Moller believes voice-analysis AI algorithms can be tuned to better understand intonation and inflection. “Using the word ‘Alexa’ in a broader sentence sounds different than an invocation or command. Alexa shouldn’t be waking up because you said that name in passing,” Moller says. With enough training, AI should be able to distinguish which specific tones are directed at the smart speaker.
Tech companies can also train their AI to be able to distinguish when it’s receiving background noise as opposed to being spoken to directly. “Background chatter has a unique auditory ‘signature’ that humans are very good at picking up on and selectively tuning out. There’s no reason we can’t train AI models to do the same,” Moller says.
As a precaution, AI assistants should rate the impact of the decisions they’re making and involve human decision in instances where they want to do something that is potentially sensitive. Manufacturers should bake more safeguards into their technologies to prevent sensitive information from being sent over without the explicit and clear consent of the user.

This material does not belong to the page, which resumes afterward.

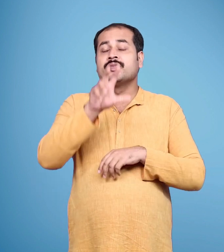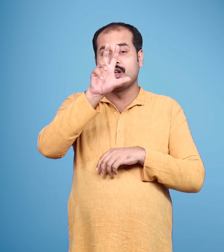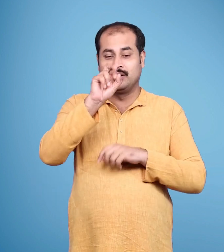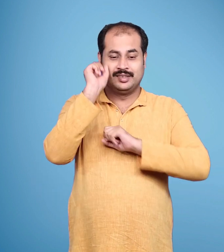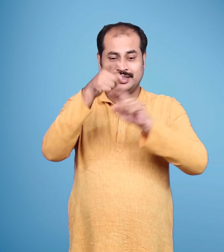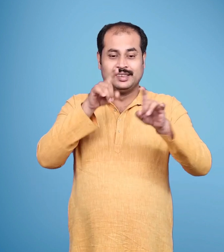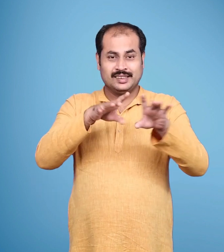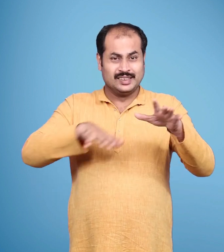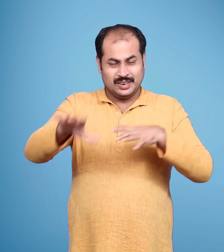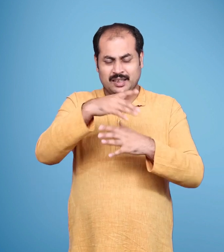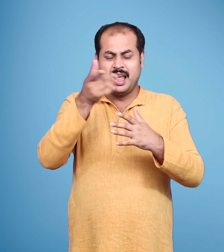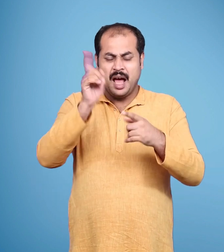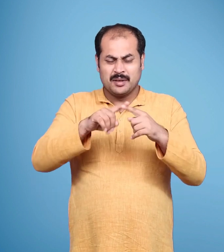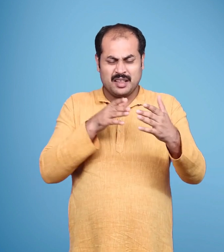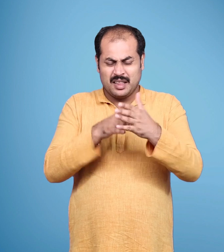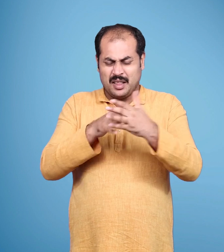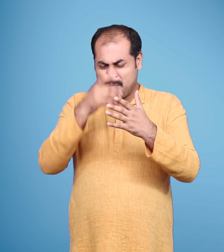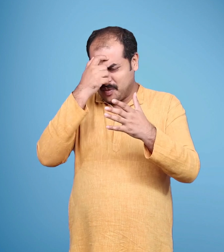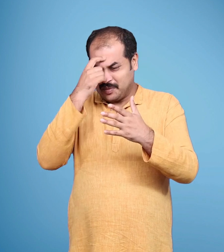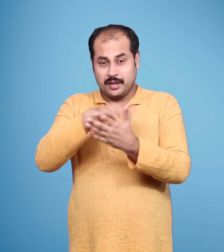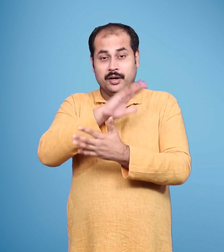आयोध्या का निश्कंटक राज्य अब तुम्हारा है

“Although Amazon did report that Alexa attempted to confirm the action it interpreted, some actions need to be more carefully managed and held to a higher standard of confirmation of the user’s intention,” says Sagi Eliyahi, CEO of Tonkean. “Humans have the same speech recognition issues, occasionally mishearing requests. Unlike Alexa, though, a human is more likely to confirm absolutely that they understand an unclear request and, more importantly, gauge the likelihood of a request compared to past requests.”
In the Meantime…
While tech companies finetune their AI applications to reduce mistakes, users will have to make the ultimate decision on how much they want to be exposed to the potential errors that their AI-powered devices might make.
“These stories show a conflict with the amount of data that people are willing to share against the promise of new AI technologies,” says Doug Rose, data science expert and the writer of several books on AI and software. “You might tease Siri for being slow. But the best way for her to achieve greater intelligence is by invading our private conversations. So a key question over the next decade or so is how much will we allow these AI agents to peek into our behavior?”
“Which family would place a human assistant in the living room and let that person listen to any kind of conversation all of the time?” says Kaufmann, the neuroscientist from Starmind. “We should at least apply the same standards to so called ‘AI’ devices (if not higher) that we also apply to human intelligent beings when it comes to privacy, secrecy or reliability.”